> Work instruction:
Every entry below needs to be copied exactly.

> Data extract:
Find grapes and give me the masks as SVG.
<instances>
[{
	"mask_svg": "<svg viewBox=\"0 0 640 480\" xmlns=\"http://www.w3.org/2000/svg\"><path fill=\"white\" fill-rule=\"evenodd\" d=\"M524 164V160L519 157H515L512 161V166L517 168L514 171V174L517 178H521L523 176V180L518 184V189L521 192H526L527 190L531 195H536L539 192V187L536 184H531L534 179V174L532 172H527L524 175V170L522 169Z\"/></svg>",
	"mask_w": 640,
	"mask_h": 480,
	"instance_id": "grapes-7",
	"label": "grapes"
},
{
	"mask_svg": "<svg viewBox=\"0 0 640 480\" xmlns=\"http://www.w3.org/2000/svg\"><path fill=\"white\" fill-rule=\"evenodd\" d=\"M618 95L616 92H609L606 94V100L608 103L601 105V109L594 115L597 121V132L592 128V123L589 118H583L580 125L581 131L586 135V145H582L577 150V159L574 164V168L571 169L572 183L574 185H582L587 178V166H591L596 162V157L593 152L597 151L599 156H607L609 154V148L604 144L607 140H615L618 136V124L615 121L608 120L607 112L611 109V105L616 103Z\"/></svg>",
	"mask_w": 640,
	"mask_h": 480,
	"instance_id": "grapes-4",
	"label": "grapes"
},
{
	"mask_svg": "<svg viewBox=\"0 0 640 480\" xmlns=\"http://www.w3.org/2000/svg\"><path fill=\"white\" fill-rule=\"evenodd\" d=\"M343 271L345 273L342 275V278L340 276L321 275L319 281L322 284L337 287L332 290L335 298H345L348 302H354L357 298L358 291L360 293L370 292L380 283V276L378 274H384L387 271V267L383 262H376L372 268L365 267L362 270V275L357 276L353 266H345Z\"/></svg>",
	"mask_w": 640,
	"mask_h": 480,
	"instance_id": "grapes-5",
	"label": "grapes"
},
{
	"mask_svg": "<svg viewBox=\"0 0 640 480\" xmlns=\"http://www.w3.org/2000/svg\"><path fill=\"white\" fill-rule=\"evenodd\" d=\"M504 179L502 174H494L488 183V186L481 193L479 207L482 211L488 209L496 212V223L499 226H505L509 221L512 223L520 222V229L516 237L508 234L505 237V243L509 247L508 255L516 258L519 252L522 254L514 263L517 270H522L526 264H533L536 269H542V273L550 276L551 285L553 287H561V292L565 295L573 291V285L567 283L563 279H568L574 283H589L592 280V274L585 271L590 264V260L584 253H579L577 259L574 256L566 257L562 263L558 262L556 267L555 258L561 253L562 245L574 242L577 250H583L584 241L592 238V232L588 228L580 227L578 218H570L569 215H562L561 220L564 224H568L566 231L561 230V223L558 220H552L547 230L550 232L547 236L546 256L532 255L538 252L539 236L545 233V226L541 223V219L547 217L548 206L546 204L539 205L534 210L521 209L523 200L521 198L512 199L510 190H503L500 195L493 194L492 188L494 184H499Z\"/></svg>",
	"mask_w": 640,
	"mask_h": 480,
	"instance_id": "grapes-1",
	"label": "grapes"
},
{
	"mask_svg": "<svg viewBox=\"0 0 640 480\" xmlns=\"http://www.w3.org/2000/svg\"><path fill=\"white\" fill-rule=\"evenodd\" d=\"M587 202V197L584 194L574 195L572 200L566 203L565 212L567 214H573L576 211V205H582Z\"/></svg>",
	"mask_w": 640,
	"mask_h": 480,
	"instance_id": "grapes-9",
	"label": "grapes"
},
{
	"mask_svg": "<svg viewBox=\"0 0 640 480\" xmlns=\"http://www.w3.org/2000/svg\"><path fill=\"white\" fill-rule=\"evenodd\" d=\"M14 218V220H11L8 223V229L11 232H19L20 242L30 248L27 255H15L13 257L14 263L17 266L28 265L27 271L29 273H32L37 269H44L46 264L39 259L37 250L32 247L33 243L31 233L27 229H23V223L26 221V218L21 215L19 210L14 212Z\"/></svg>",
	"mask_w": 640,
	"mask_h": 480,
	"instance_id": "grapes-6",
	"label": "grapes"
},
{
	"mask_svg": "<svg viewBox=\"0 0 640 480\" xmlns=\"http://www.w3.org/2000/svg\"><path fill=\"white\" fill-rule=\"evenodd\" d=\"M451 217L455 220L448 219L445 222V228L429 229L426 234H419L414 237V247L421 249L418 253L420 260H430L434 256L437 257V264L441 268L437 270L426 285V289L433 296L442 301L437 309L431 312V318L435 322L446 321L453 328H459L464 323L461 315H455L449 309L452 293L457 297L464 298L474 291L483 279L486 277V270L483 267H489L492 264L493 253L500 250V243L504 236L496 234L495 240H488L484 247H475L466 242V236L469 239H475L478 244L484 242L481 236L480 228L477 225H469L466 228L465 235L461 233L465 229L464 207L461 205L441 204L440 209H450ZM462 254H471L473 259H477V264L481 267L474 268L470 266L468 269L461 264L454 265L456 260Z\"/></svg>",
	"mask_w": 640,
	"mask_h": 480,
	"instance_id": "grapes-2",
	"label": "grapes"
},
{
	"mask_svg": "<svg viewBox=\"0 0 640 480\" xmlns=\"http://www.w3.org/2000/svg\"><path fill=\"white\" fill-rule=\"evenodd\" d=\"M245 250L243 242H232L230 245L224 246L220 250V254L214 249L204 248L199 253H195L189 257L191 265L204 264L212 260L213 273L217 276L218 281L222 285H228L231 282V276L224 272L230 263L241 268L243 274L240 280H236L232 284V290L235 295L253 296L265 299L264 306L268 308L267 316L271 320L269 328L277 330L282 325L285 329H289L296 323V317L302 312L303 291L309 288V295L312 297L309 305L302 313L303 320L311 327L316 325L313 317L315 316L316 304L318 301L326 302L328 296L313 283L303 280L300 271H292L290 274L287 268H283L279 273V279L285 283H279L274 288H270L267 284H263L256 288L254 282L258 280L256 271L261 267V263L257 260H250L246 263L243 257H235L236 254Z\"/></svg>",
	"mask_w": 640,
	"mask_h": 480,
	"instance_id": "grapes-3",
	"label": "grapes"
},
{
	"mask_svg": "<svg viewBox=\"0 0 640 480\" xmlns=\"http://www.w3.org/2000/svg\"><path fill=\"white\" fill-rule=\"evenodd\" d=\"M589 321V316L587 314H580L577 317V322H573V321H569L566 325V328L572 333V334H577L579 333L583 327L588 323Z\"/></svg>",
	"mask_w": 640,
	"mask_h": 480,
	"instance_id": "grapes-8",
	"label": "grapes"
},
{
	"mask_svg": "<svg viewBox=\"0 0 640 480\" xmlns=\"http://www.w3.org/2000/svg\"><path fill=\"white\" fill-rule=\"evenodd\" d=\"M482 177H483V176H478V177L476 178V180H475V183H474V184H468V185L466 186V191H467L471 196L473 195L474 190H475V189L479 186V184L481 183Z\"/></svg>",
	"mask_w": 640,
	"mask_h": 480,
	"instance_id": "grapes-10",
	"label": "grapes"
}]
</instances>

> Completed task:
Find grapes and give me the masks as SVG.
<instances>
[{
	"mask_svg": "<svg viewBox=\"0 0 640 480\" xmlns=\"http://www.w3.org/2000/svg\"><path fill=\"white\" fill-rule=\"evenodd\" d=\"M524 164V160L519 157H515L512 161V166L517 168L514 171V174L517 178H521L523 176V180L518 184V189L521 192H526L527 190L531 195H536L539 192V187L536 184H531L534 179V174L532 172H527L524 175V170L522 169Z\"/></svg>",
	"mask_w": 640,
	"mask_h": 480,
	"instance_id": "grapes-7",
	"label": "grapes"
},
{
	"mask_svg": "<svg viewBox=\"0 0 640 480\" xmlns=\"http://www.w3.org/2000/svg\"><path fill=\"white\" fill-rule=\"evenodd\" d=\"M618 95L616 92H609L606 94V100L608 103L601 105V109L594 115L597 121V132L592 128V123L589 118H583L580 125L581 131L586 135V145H582L577 150V159L574 164V168L571 169L572 183L574 185H582L587 178V166H591L596 162V157L593 152L597 151L599 156H607L609 154V148L604 144L607 140H615L618 136V124L615 121L608 120L607 112L611 109V105L616 103Z\"/></svg>",
	"mask_w": 640,
	"mask_h": 480,
	"instance_id": "grapes-4",
	"label": "grapes"
},
{
	"mask_svg": "<svg viewBox=\"0 0 640 480\" xmlns=\"http://www.w3.org/2000/svg\"><path fill=\"white\" fill-rule=\"evenodd\" d=\"M343 271L345 273L342 275V278L340 276L321 275L319 281L322 284L337 287L332 290L335 298H345L348 302H354L357 298L358 291L360 293L370 292L380 283V276L378 274H384L387 271V267L383 262H376L372 268L365 267L362 270V275L357 276L353 266H345Z\"/></svg>",
	"mask_w": 640,
	"mask_h": 480,
	"instance_id": "grapes-5",
	"label": "grapes"
},
{
	"mask_svg": "<svg viewBox=\"0 0 640 480\" xmlns=\"http://www.w3.org/2000/svg\"><path fill=\"white\" fill-rule=\"evenodd\" d=\"M504 179L502 174H494L488 183V186L481 193L479 207L482 211L488 209L496 212V223L499 226H505L509 221L512 223L520 222V229L516 237L508 234L505 237V243L509 247L508 255L516 258L519 252L522 254L514 263L517 270H522L526 264H533L536 269H542V273L550 276L551 285L553 287H561V292L565 295L573 291V285L567 283L563 279H568L574 283H589L592 280V274L585 271L590 264V260L584 253H579L577 259L574 256L566 257L562 263L558 262L556 267L555 258L561 253L562 245L574 242L577 250H583L584 241L592 238V232L588 228L580 227L578 218H570L569 215H562L561 220L564 224H568L566 231L561 230V223L558 220H552L547 230L550 232L547 236L546 256L532 255L538 252L539 236L545 233V226L541 223V219L547 217L548 206L546 204L539 205L534 210L521 209L523 200L521 198L512 199L510 190H503L500 195L493 194L492 188L494 184H499Z\"/></svg>",
	"mask_w": 640,
	"mask_h": 480,
	"instance_id": "grapes-1",
	"label": "grapes"
},
{
	"mask_svg": "<svg viewBox=\"0 0 640 480\" xmlns=\"http://www.w3.org/2000/svg\"><path fill=\"white\" fill-rule=\"evenodd\" d=\"M587 202V197L584 194L574 195L572 200L566 203L565 212L567 214H573L576 211V205H582Z\"/></svg>",
	"mask_w": 640,
	"mask_h": 480,
	"instance_id": "grapes-9",
	"label": "grapes"
},
{
	"mask_svg": "<svg viewBox=\"0 0 640 480\" xmlns=\"http://www.w3.org/2000/svg\"><path fill=\"white\" fill-rule=\"evenodd\" d=\"M14 218V220H11L8 223V229L11 232H19L20 242L30 248L27 255H15L13 257L14 263L17 266L28 265L27 271L29 273H32L37 269H44L46 264L39 259L37 250L32 247L33 243L31 233L27 229H23V223L26 221V218L21 215L19 210L14 212Z\"/></svg>",
	"mask_w": 640,
	"mask_h": 480,
	"instance_id": "grapes-6",
	"label": "grapes"
},
{
	"mask_svg": "<svg viewBox=\"0 0 640 480\" xmlns=\"http://www.w3.org/2000/svg\"><path fill=\"white\" fill-rule=\"evenodd\" d=\"M451 217L455 220L448 219L445 222V228L429 229L426 234H419L414 237V247L421 249L418 253L420 260H430L434 256L437 257V264L441 268L437 270L426 285V289L433 296L442 301L437 309L431 312V318L435 322L446 321L453 328H459L464 323L461 315H455L449 309L452 293L457 297L464 298L474 291L483 279L486 277V270L483 267H489L492 264L493 253L500 250V243L504 236L496 234L495 240H488L484 247H475L466 242V236L469 239H475L478 244L484 242L481 236L480 228L477 225H469L466 228L465 235L461 233L465 229L464 207L461 205L441 204L440 209H450ZM462 254H471L473 259H477V264L481 267L474 268L470 266L468 269L461 264L454 265L456 260Z\"/></svg>",
	"mask_w": 640,
	"mask_h": 480,
	"instance_id": "grapes-2",
	"label": "grapes"
},
{
	"mask_svg": "<svg viewBox=\"0 0 640 480\" xmlns=\"http://www.w3.org/2000/svg\"><path fill=\"white\" fill-rule=\"evenodd\" d=\"M245 250L243 242H232L230 245L224 246L220 250V254L214 249L204 248L199 253H195L189 257L191 265L204 264L212 260L213 273L217 276L218 281L222 285H228L231 282V276L224 272L230 263L241 268L243 274L240 280H236L232 284V290L235 295L253 296L265 299L264 306L268 308L267 316L271 320L269 328L277 330L282 325L285 329H289L296 323V317L302 312L303 291L309 288V295L312 297L309 305L302 313L303 320L311 327L316 325L313 317L315 316L316 304L318 301L326 302L328 296L313 283L303 280L300 271H292L290 274L287 268H283L279 273V279L285 283H279L274 288H270L267 284H263L256 288L254 282L258 280L256 271L261 267V263L257 260H250L246 263L243 257H235L236 254Z\"/></svg>",
	"mask_w": 640,
	"mask_h": 480,
	"instance_id": "grapes-3",
	"label": "grapes"
},
{
	"mask_svg": "<svg viewBox=\"0 0 640 480\" xmlns=\"http://www.w3.org/2000/svg\"><path fill=\"white\" fill-rule=\"evenodd\" d=\"M589 321V316L587 314H580L577 317V322H573V321H569L566 325V328L572 333V334H577L579 333L583 327L588 323Z\"/></svg>",
	"mask_w": 640,
	"mask_h": 480,
	"instance_id": "grapes-8",
	"label": "grapes"
},
{
	"mask_svg": "<svg viewBox=\"0 0 640 480\" xmlns=\"http://www.w3.org/2000/svg\"><path fill=\"white\" fill-rule=\"evenodd\" d=\"M482 177H483V176H478V177L476 178V180H475V183H474V184H468V185L466 186V191H467L471 196L473 195L474 190H475V189L479 186V184L481 183Z\"/></svg>",
	"mask_w": 640,
	"mask_h": 480,
	"instance_id": "grapes-10",
	"label": "grapes"
}]
</instances>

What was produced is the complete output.